We start with a simple linear regression model, then move to a multivariate model using several predictive features.

In [None]:
# Simple linear regression using sqft_living as the only predictor
lm_simple = LinearRegression()

X_simple = df[['sqft_living']]
y = df['price']

lm_simple.fit(X_simple, y)
r2_simple = lm_simple.score(X_simple, y)
print(f"R^2 (simple model with sqft_living): {r2_simple:.3f}")


In [None]:
# Multivariate linear regression with a richer set of features
features = [
    "floors",
    "waterfront",
    "lat",
    "bedrooms",
    "sqft_basement",
    "view",
    "bathrooms",
    "sqft_living15",
    "sqft_above",
    "grade",
    "sqft_living",
]

# Keep only features that actually exist in the dataframe
features = [f for f in features if f in df.columns]

X = df[features]
y = df['price']

lm_multi = LinearRegression()
lm_multi.fit(X, y)

r2_multi = lm_multi.score(X, y)
print("Features used:", features)
print(f"R^2 (multivariate model): {r2_multi:.3f}")


In [None]:
# Pipeline: scaling + polynomial features + linear regression
poly_pipeline = Pipeline([
    ("scale", StandardScaler()),
    ("poly", PolynomialFeatures(degree=2, include_bias=False)),
    ("model", LinearRegression()),
])

cv_scores = cross_val_score(poly_pipeline, X, y, cv=5, scoring="r2")
print("Cross-validated R^2 (polynomial pipeline):")
print("Scores:", cv_scores)
print("Mean R^2:", cv_scores.mean())


## 7. Model evaluation and refinement

We evaluate the model using a train/test split and experiment with a Ridge regression model, with and without polynomial features.

In [None]:
# Train/test split
x_train, x_test, y_train, y_test = train_test_split(
    X, y, test_size=0.15, random_state=1
)

print("Number of training samples:", x_train.shape[0])
print("Number of test samples:", x_test.shape[0])


In [None]:
# Ridge regression on the original feature space
ridge = Ridge(alpha=0.1)
ridge.fit(x_train, y_train)

y_test_pred = ridge.predict(x_test)

r2_ridge = r2_score(y_test, y_test_pred)
rmse_ridge = mean_squared_error(y_test, y_test_pred, squared=False)

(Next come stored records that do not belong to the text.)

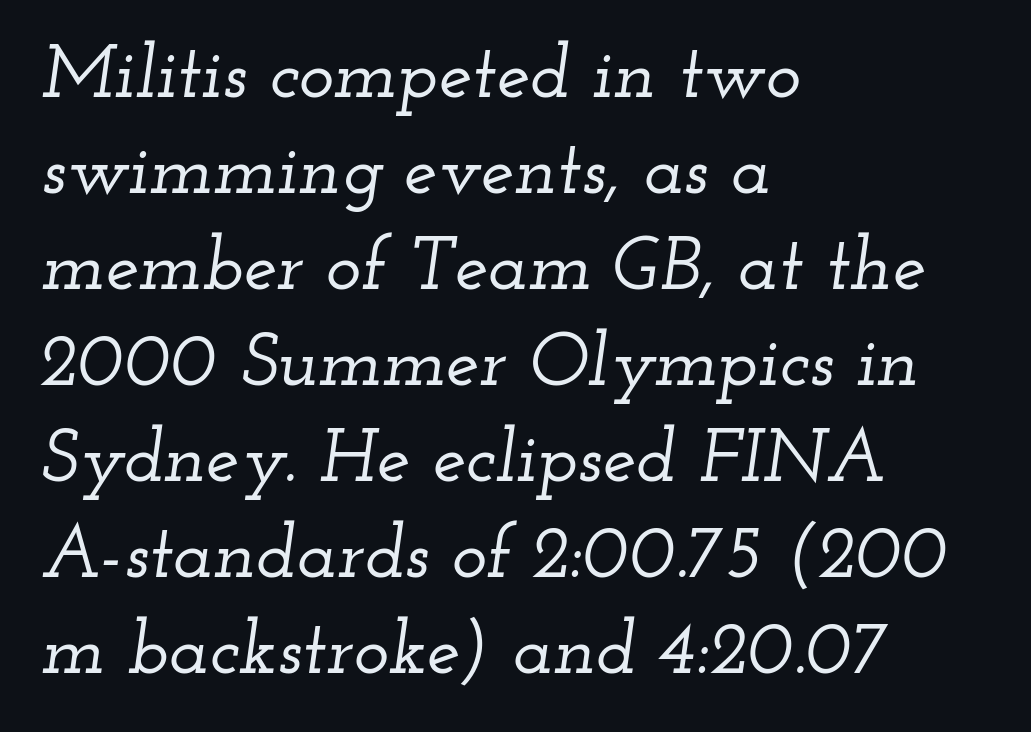
Compared with ordinary roman type, these characters are visibly tilted. The rendering uses natural spacing where letterforms have individual widths. Serif or sans? Serif — the stroke terminals have little feet. Typeset ragged right — the left edge is the straight one.
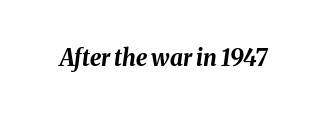
Q: Is the text bold? A: Yes.
Q: Is the text italic (slanted)? A: Yes, it leans right by about 8 degrees.
Q: Is the text underlined? A: No.
Q: Is the spacing between letters normal or unusually wide? A: Normal.
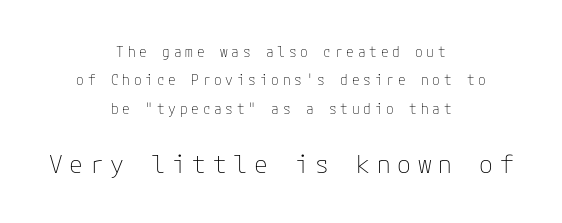
Q: Is the text bold? A: No.
Q: Is the text italic (slanted)? A: No, it is upright.
Q: Is the text underlined? A: No.
Q: How is the paragraph aligned? A: Centered.
Q: Is the spacing between letters normal or unusually wide? A: Unusually wide.
Q: Is the spacing between lines tight, normal or loose? A: Loose.
Q: Which block of text is set in a larger size, the first (top) or the second (bottom)? A: The second (bottom) one.
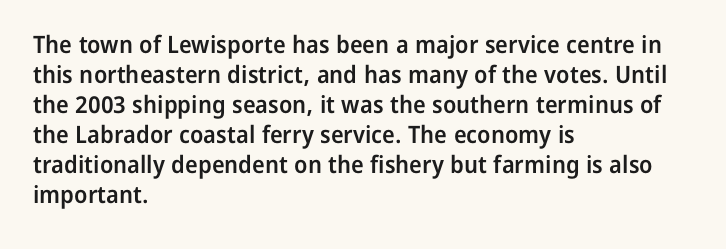
Q: Is the text bold? A: Semi-bold.
Q: Is the text italic (slanted)? A: No, it is upright.
Q: Is the text underlined? A: No.
Q: How is the paragraph aligned? A: Left-aligned.
Q: Is the spacing between letters normal or unusually wide? A: Normal.
Q: Is the spacing between lines tight, normal or loose? A: Normal.

print(f"R^2 (Ridge, test set): {r2_ridge:.3f}")
print(f"RMSE (Ridge, test set): {rmse_ridge:,.0f}")


In [None]:
# Ridge regression with polynomial features
poly = PolynomialFeatures(degree=2, include_bias=False)

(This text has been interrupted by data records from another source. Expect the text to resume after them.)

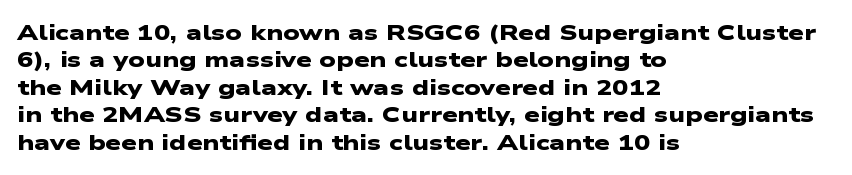
The lines sit at an ordinary, default distance from one another. Has an underline been added? It has not. As a designer I'd log this as weight 700, bold. Reading down the block, your eye returns to a fixed left position each line. Nobody touched the tracking dial on this one.
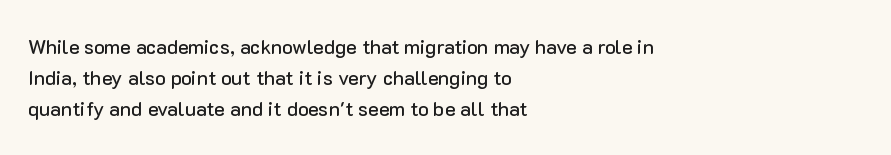
The image shows 20 px text type, upright; set left-aligned, normal line spacing (1.55x), normal letter spacing, not underlined.
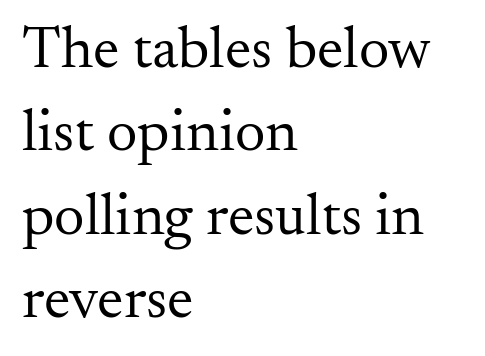
Nobody drew a line under any word here. Visually the block forms a straight wall on the left and a jagged coastline on the right. There is no visible air inserted between adjacent glyphs. This is roman type, the default non-slanted kind. Typographically, this falls in the serif category. Reading down the column, the eye jumps a familiar distance to each next line.
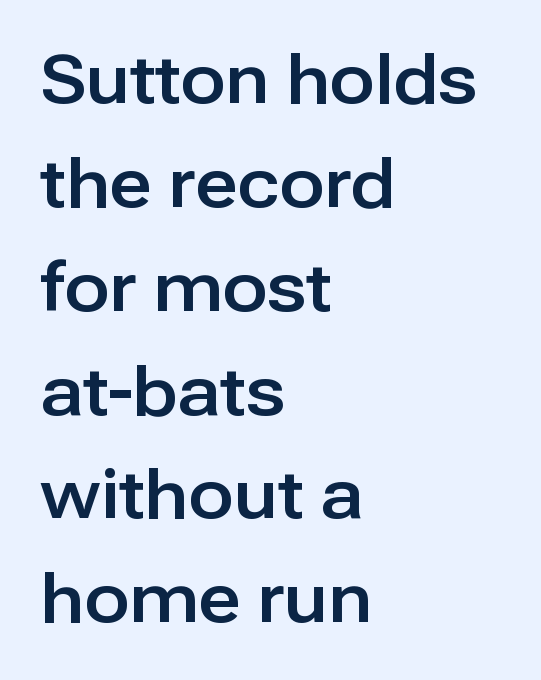
These lines are rendered in a variable-pitch font. Notice how descenders clear the ascenders below comfortably — that's standard leading. Check the space under the baseline: it is left empty. This is the regular roman posture of the typeface. Nobody touched the tracking dial on this one.
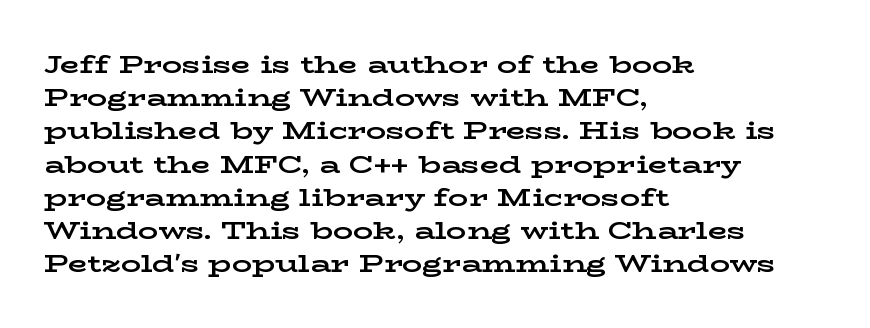
One-word summary of the alignment: left. Compared with an ordinary text face, these strokes are far heavier — a full bold. Interline gaps are of average width in this sample. Letter spacing: default. The baseline area is clear. The letters stand upright; this is a roman face.

x_train_pr = poly.fit_transform(x_train)
x_test_pr = poly.transform(x_test)

ridge_poly = Ridge(alpha=0.1)
ridge_poly.fit(x_train_pr, y_train)

y_test_pred_poly = ridge_poly.predict(x_test_pr)

r2_ridge_poly = r2_score(y_test, y_test_pred_poly)
rmse_ridge_poly = mean_squared_error(y_test, y_test_pred_poly, squared=False)

print(f"R^2 (Ridge + polynomial features, test set): {r2_ridge_poly:.3f}")
print(f"RMSE (Ridge + polynomial features, test set): {rmse_ridge_poly:,.0f}")


## 8. Conclusions

- We explored key drivers of house prices in King County, such as square footage, grade, and waterfront.
- A simple linear regression on `sqft_living` provides a baseline model.
- A multivariate model with several features significantly improves the R² score.
- Polynomial features combined with scaling and regularization (Ridge) can further improve performance while controlling overfitting.

This notebook is designed to be easy to run for visitors to the GitHub repository: it can download the dataset automatically if it is not already present locally.